## Assignment
Go line by line through the entries below and copy those containing the string "between".

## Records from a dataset
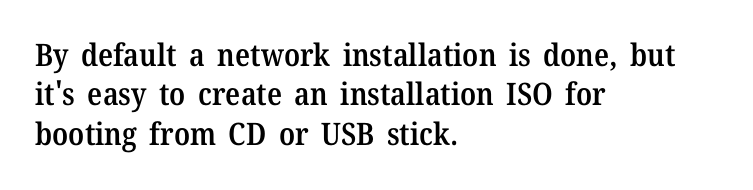
Q: Is the text bold? A: Semi-bold.
Q: Is the text italic (slanted)? A: No, it is upright.
Q: Is the typeface a serif or a sans-serif typeface? A: Serif.
Q: Is the text underlined? A: No.
Q: How is the paragraph aligned? A: Left-aligned.
Q: Is the spacing between letters normal or unusually wide? A: Normal.
Q: Is the spacing between lines tight, normal or loose? A: Normal.
Q: Width (condensed, normal, or wide)? A: Normal.
Q: Stroke contrast? A: Medium.
Q: x-height? A: Medium.
Q: Monospaced? A: No.

## Answer below
Q: Is the spacing between letters normal or unusually wide? A: Normal.
Q: Is the spacing between lines tight, normal or loose? A: Normal.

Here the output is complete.